Je suis quand même contente d’être venue car c’est une des rares occasions où l’on voit autant de reliures d’art au même endroit, mais j’avoue que je m’attendais à un niveau général beaucoup plus élevé d’un point de vue technique. D’un point de vue « créativité », c’est clair que c’est super créatif, mais pour moi, on ne peut pas construire une maison créative si elle croule par la suite. Il faut d’abord que les gardes soient bien collées, que les plats soient symétriques etc.
J’ai traîné derrière une grand mère et son petit fils pour écouter ses explications, elle montre les livres primés et lui explique pourquoi, selon elle, tel livre a été primé. Les livres primés sont vraiment bien exécutés, au moins ils rentabilisent bien les 5 euros d’entrée. Et il y a des techniques très difficiles que jamais de la vie je ne pourrai maîtriser.
L’achat du catalogue est conseillé car on comprend mieux les techniques utilisées et l’idée derrière chaque livre. Les livres primés ont droit à un double page dans le catalogue, alors que les autres une photo et quelques lignes.
J’ai quand même pris des photos des reliures dont j’aime l’idée… par exemple ceux utilisant du parchemin, d’autres avec un avion en pop-up, ou intégrant du vitrail, ou pierres… j’aime bien quand les relieurs intègrent les connaissances d’autres arts.
Ce que j’aime bien, c’est la possibilité d’acheter des livres des compétitions précédentes pour 40 euros. C’est quand même plus agréable de faire une reliure avec des cahiers comme ça que de détruire un livre déjà relié. D’ailleurs, de plus en plus de fine presses proposent maintenant des cahiers nus, pour qu’on fasse nos reliures nous-mêmes, comme au bon vieux temps.
Voici quelques photos que j’ai prises. Pour zoomer, cliquez sur chaque photo.
Chez l’espace fournisseur, je suis très contente de découvrir le métier de pareur. Ca va me faciliter la vie et pour la maroquinerie, et pour la reliure.

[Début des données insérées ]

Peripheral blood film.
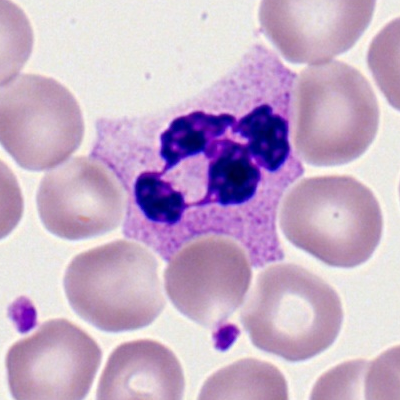 Cell type: segmented neutrophil.
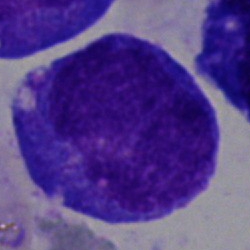 Single cell identified as a blast.
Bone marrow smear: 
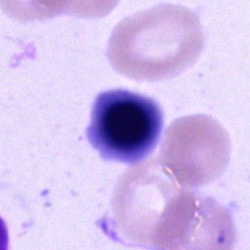
{"cell_type": "erythroblast", "lineage": "erythroid"}
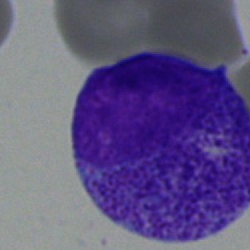 Morphology — progranulocyte.
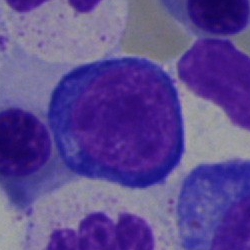 Morphological class: pronormoblast.
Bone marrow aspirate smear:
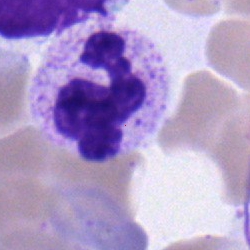
The cell type is segmented neutrophil.
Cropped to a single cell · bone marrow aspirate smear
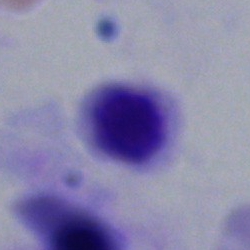
Classification: erythroblast.
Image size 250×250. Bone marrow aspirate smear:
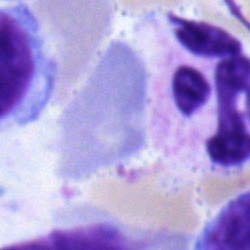

Q: What is shown here?
A: It is a segmented neutrophil.
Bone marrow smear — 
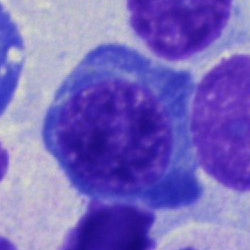The cell is nucleated red cell.
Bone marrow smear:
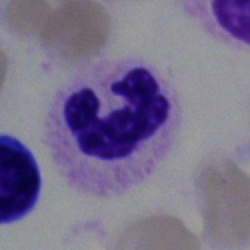The classification is polymorphonuclear neutrophil.
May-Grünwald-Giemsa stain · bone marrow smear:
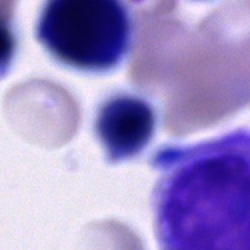 The morphological class is unidentifiable cell.
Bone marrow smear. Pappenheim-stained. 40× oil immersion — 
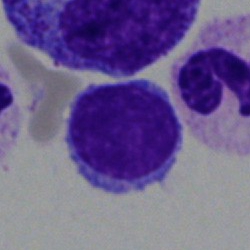

Morphology consistent with a lymphocyte.
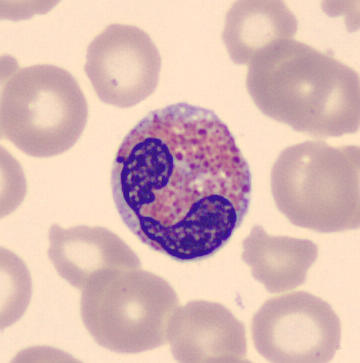Showing an eosinophilic granulocyte. Image: Peripheral blood film · 360×363 px.
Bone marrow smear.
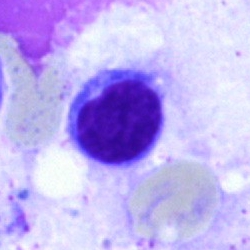
Morphology consistent with a typical lymphocyte.
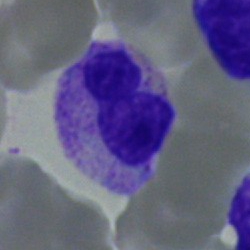Cell type = band-form neutrophil.
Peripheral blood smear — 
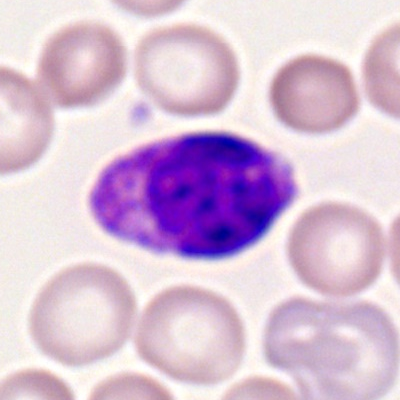

Q: Identify the cell.
A: A basophilic granulocyte.
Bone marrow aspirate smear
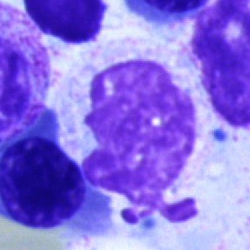 The morphological class is artefact.
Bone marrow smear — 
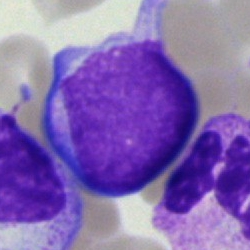
Q: What is shown here?
A: This is an undifferentiated blast.
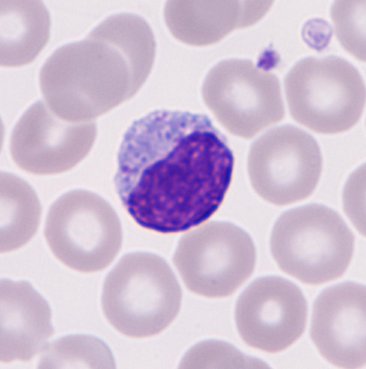
Single cell identified as a typical lymphocyte.

Preparation: Peripheral blood film.
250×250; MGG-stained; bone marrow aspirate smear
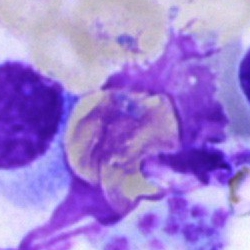 Specimen: bone marrow smear.
Cell type: artifact.
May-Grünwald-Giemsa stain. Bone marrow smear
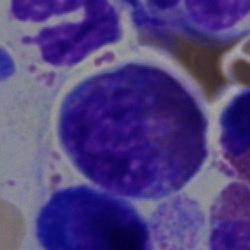Classification — eosinophil.
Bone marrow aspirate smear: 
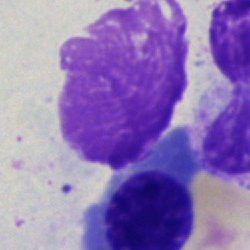

The cell shown is an artifact.
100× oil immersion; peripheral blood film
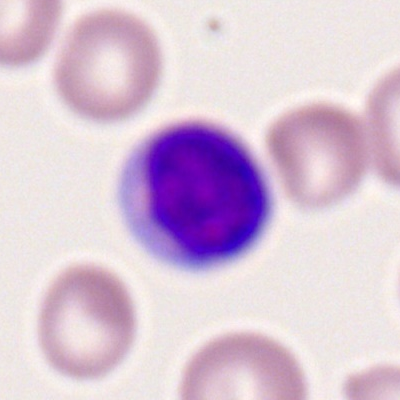
This is a typical lymphocyte.
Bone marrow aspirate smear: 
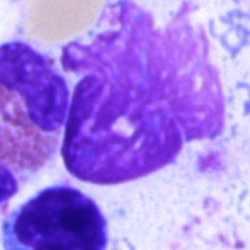An artefact.
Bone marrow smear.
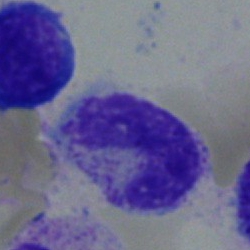Neutrophil (band).
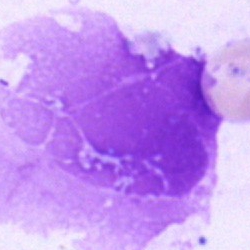
Artifact.
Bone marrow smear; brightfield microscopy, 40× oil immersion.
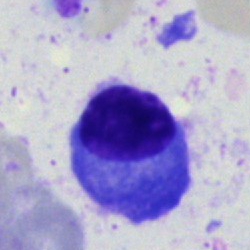
Specimen: bone marrow smear.
Cell type: plasmacyte.
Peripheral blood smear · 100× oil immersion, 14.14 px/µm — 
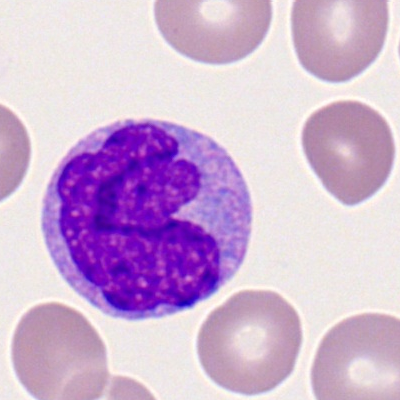

Q: Which cell type is shown here?
A: This is a monocyte.
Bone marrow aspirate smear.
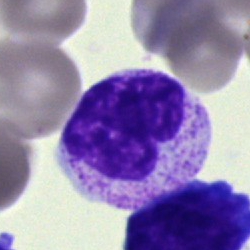
Q: Identify the cell.
A: A metamyelocyte.
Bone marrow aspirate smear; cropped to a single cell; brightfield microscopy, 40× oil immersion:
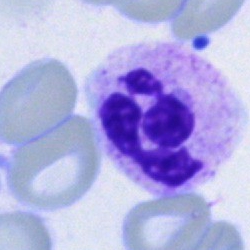
Cell type = polymorphonuclear neutrophil.
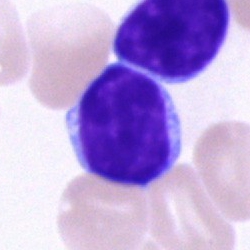 Showing a typical lymphocyte.
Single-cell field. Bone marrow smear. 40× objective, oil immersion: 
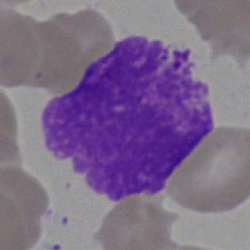
Specimen: bone marrow smear.
Classification: artifact.
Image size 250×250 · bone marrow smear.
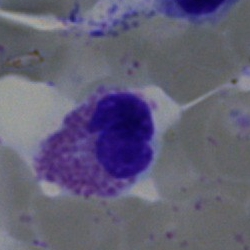 {"cell_type": "eosinophil"}
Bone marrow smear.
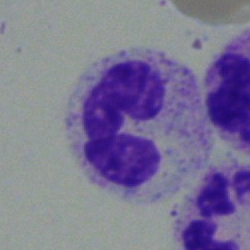Morphological class — polymorphonuclear neutrophil.
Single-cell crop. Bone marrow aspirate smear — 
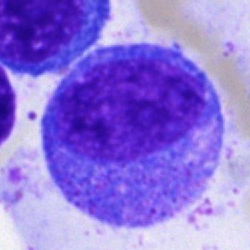
Single cell identified as a progranulocyte.
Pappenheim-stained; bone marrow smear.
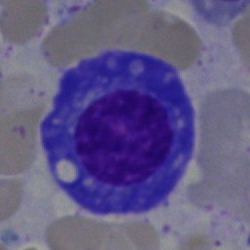Classification — plasma cell.
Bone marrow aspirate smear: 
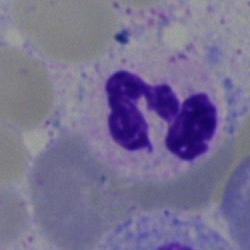 {"cell_type": "neutrophil (segmented)", "lineage": "myeloid"}
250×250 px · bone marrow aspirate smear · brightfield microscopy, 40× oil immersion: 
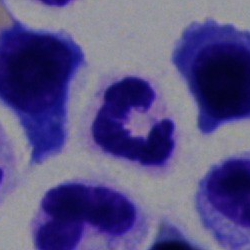

{"cell_type": "neutrophil (segmented)"}
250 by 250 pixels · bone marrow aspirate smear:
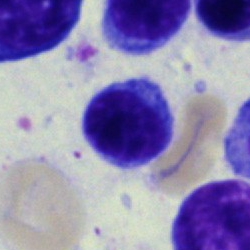 The morphological class is lymphocyte.
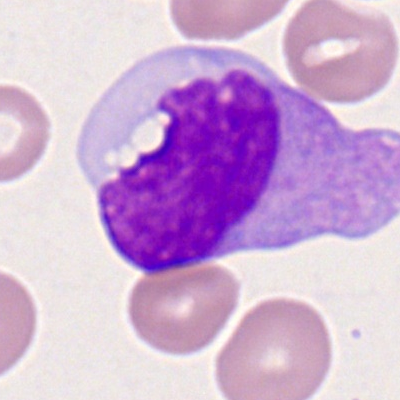Q: What cell is this?
A: This is a monocyte.
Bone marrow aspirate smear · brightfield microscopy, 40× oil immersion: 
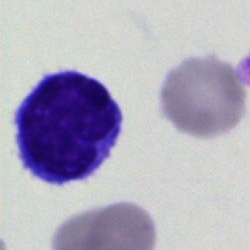
Cell: typical lymphocyte.
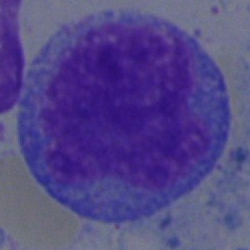

The cell type is blast cell.
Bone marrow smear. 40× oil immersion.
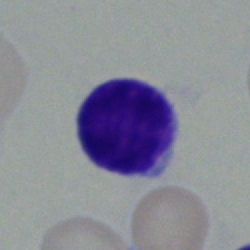Classification = typical lymphocyte.
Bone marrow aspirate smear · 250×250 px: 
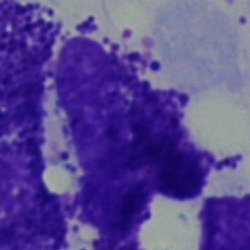

The morphological class is other cell.
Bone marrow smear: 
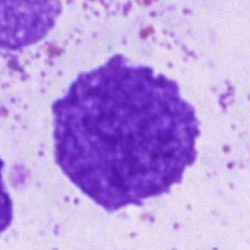

Q: What is shown here?
A: It is an artefact.
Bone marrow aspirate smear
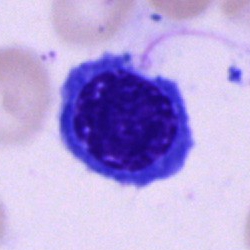

Morphology consistent with an erythroblast.
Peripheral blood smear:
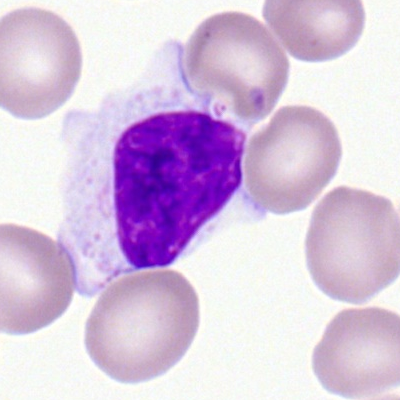
Q: What type of cell is this?
A: It is a lymphocyte.
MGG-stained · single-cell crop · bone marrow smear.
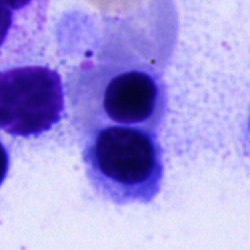 Q: Which cell type is shown here?
A: This is a nucleated red cell.

Et j’ai pu acheter du parchemin pour apprendre l’enluminure (environ 40 euros pour un parchemin de chevreau). S’en suit un long chemin en RER B pour rentrer sur Paris. Heureusement ma soeur m’a invitée au spectacle de Katherine Ryan. On dîne ensemble au restaurant d’à côté et rentre en Uber car je n’en pouvais plus de ces longs déplacements.